И хотя современная образовательная система внушает молодым американцам, будто свержение британского владычества было делом само собой разумеющимся, в действительности революционеры составляли меньшинство среди колонистов. Хартман пишет: «Эти люди [подписавшие Декларацию] были самыми решительными и идеалистически настроенными из колонистов. Если консерваторы того времени утверждали, что Америка должна навсегда остаться британской колонией, эти либеральные радикалы искренне верили как в индивидуальную свободу, так и во взаимные обязательства человека и общества».
Подписывая Декларацию независимости, отцы-основатели ясно осознавали, что ставят подписи под своим смертным приговором. Когда эти люди писали: «Мы клянемся друг другу своей жизнью, своим достоянием и своей священной честью», — они прекрасно понимали, что в глазах британского закона это измена, а за измену полагалась смертная казнь. Когда Патрик Генри потребовал: «Дайте мне свободу или смерть!» — то был не ораторский прием. И слова Бена Франклина, обращенные к соратникам-революционерам: «Нам необходимо держаться вместе, ибо порознь мы можем только болтаться на виселицах», — тоже следует понимать совершенно буквально.

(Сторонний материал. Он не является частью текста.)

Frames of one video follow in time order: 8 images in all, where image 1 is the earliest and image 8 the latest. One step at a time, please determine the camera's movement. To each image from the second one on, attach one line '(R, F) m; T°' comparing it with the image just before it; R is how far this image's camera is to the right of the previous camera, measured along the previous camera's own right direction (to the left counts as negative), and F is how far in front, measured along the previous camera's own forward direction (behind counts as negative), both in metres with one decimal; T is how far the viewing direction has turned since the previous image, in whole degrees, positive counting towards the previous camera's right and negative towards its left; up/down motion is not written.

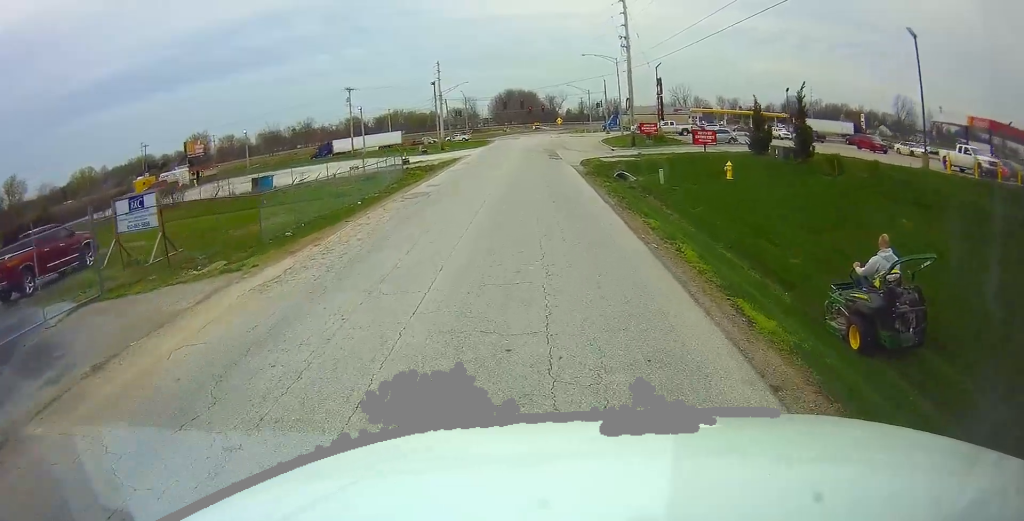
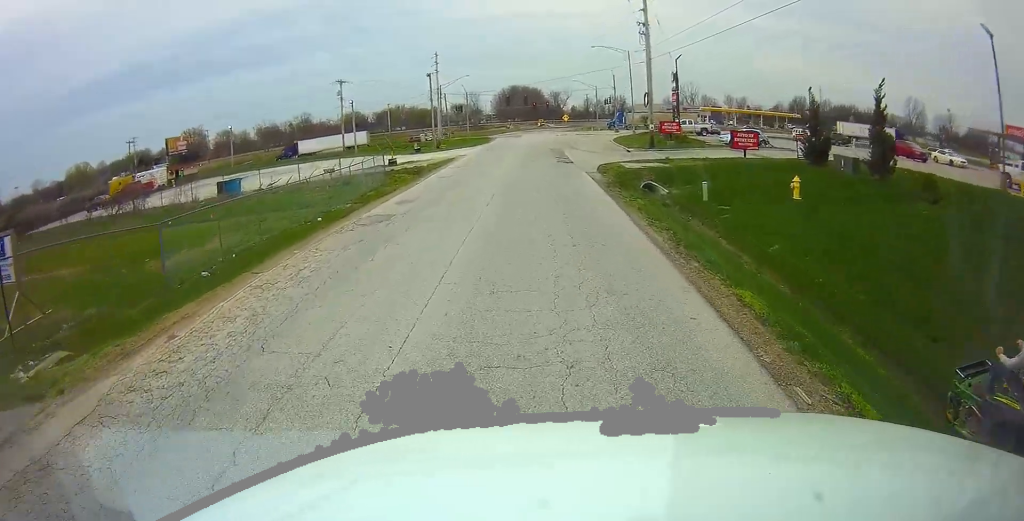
(0.0, +6.3) m; 0°
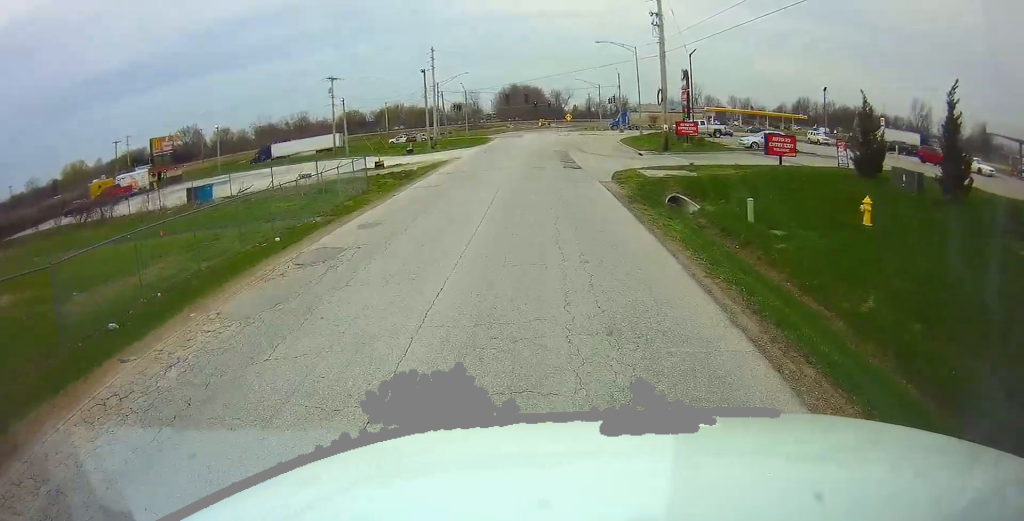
(0.0, +4.3) m; 0°
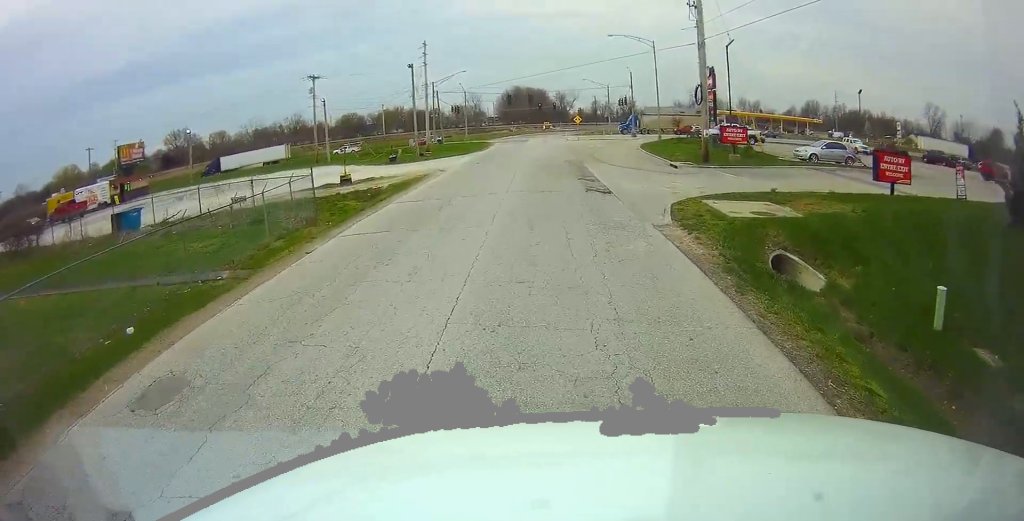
(0.0, +8.5) m; 0°
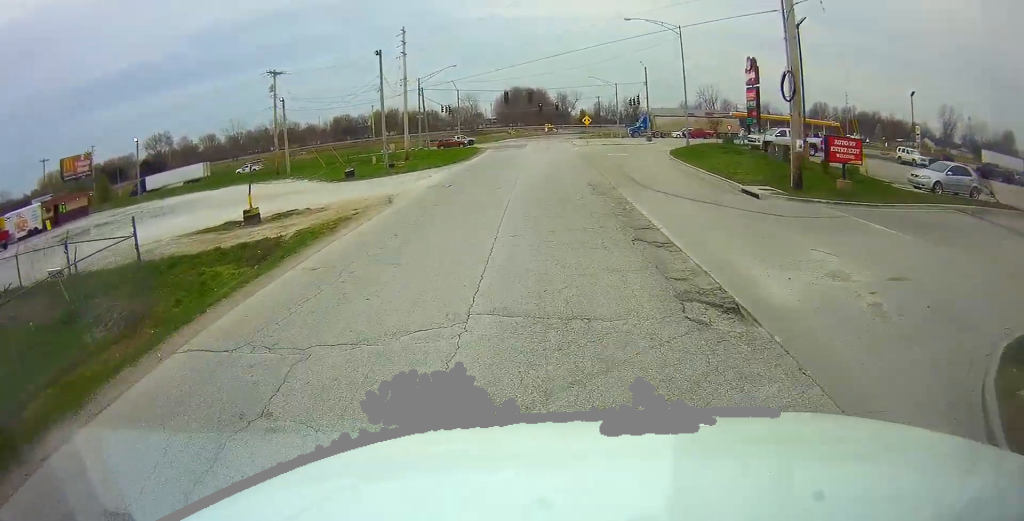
(0.0, +11.8) m; 0°
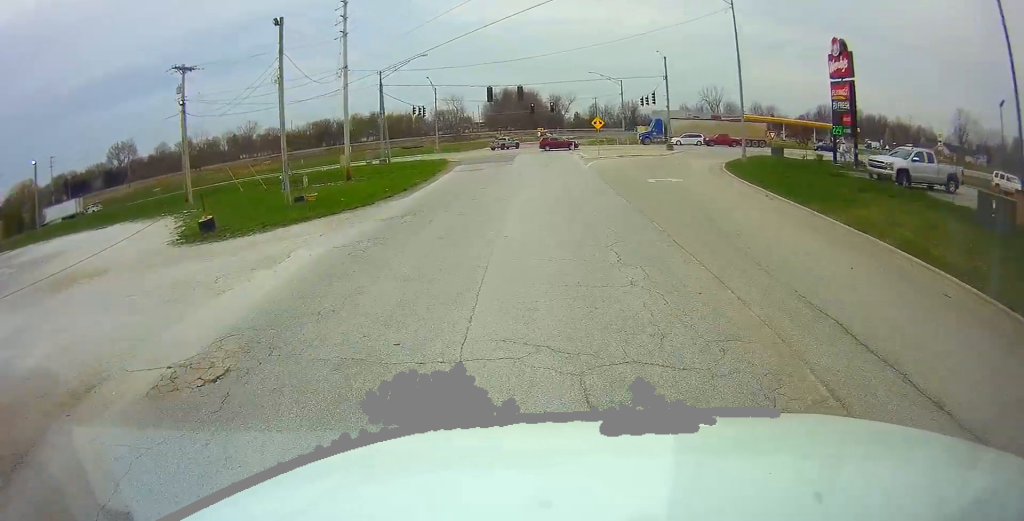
(0.0, +17.0) m; +1°
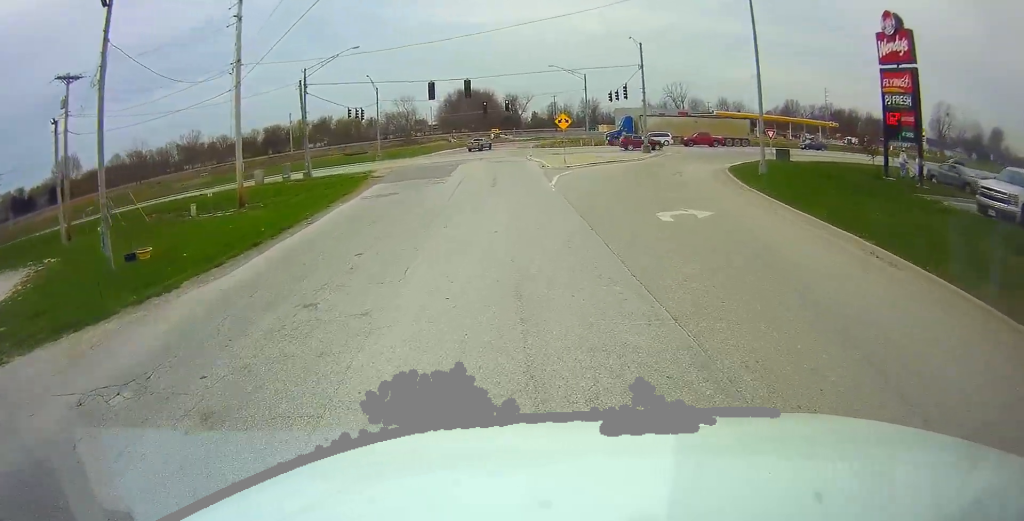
(+0.5, +10.3) m; +8°
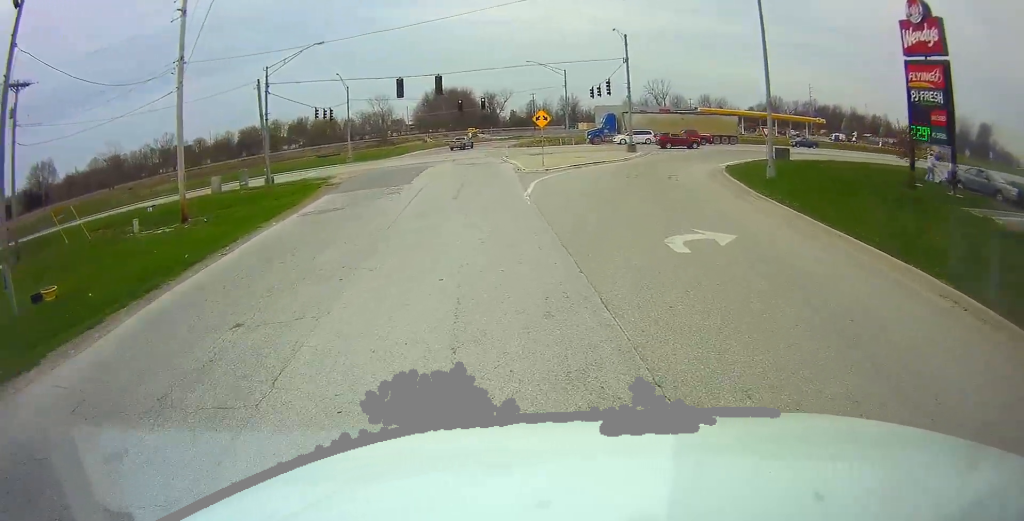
(+0.1, +3.9) m; +4°

Джон Хэнкок, который подписал Декларацию независимости первым и чья подпись самая крупная («Чтобы король Георг мог прочесть ее без очков», — сказал Джон), на тот момент уже заплатил за мятеж большую цену. Когда они с женой вынуждены были бежать от британских солдат, их ребенок умер при родах.
Согласно Хартману, девять из пятидесяти шести подписантов погибли в войне за независимость, а семнадцать потеряли все свое состояние. Исследователь пишет: «Многие семьи из числа тогдашних тори до сих пор обладают значительными богатствами и властью в Канаде и Англии, — но при этом никто из потомков отцов-основателей не имеет сегодня ни больших денег, ни политического веса».
Пока цинизм продолжает оставаться основной валютой современных политических консерваторов, у нас возникает соблазн склониться к изношенному, но неистребимому верованию в то, что в мире ничего на самом деле не меняется. Однако обратите внимание на такой факт: небольшая группа в основном молодых людей (Франклин, которому было семьдесят два, разительно выделялся среди отцов-основателей своим преклонным возрастом; гораздо более типичен в этой компании тридцатитрехлетний Джефферсон) бросила вызов величайшей силе тогдашнего мира — Британской империи. Помимо военной мощи, в руках у короля Георга III был колоссальнейший экономический потенциал давления на революционеров, ибо он владел крупнейшей мультинациональной корпорацией того времени, Ист-Индийской компанией, которая и стала жертвой знаменитого Бостонского чаепития.
Независимые и равноправные, не признающие над собой короля
Гораздо более удивительными, чем само восстание, — ведь восстания случались и раньше, — были эволюционные идеалы, на которых эта революция базировалась: «Мы исходим из той очевидной истины, что все люди созданы равными и наделены их Творцом определенными неотъемлемыми правами, к числу которых относятся право на жизнь, свободу и стремление к счастью». Данное утверждение стало дерзким вызовом самым просвещенным формам тогдашнего европейского законодательства.
В соответствии с британским законодательством, Бог наделил властными полномочиями короля, а уж он затем может даровать те или иные права своим подданным — как это и произошло при подписании Великой хартии вольностей [22] Великая хартия вольностей, подписанная в 1215 году королем Иоанном Безземельным под давлением восставших баронов; ограничивала королевскую власть и предоставляла более широкие права крупным феодалам; основной массе английского народа — крепостному крестьянству — она не дала никаких прав. — Прим. перев.
. На этом основана доктрина классовой иерархии, располагавшая обычных людей недворянского происхождения в самом низу общественной пирамиды. Сама мысль о том, что обычные люди могут быть равными и независимыми гражданами, которые сами наделяют свое правительство теми или иными полномочиями (а не наоборот), была чем-то неслыханным. Но откуда же эта идея взялась?
Как мы можем смутно вспомнить из школьного или университетского курса истории, подобные идеи (иногда их называют естественным законом) зародились в Европе в эпоху Просвещения и были сформулированы такими философами, как Джон Локк и Жан-Жак Руссо. Согласно естественному закону, основным критерием оценки человеческих законов следует считать то, насколько они близки к законам Божьим и законам Природы.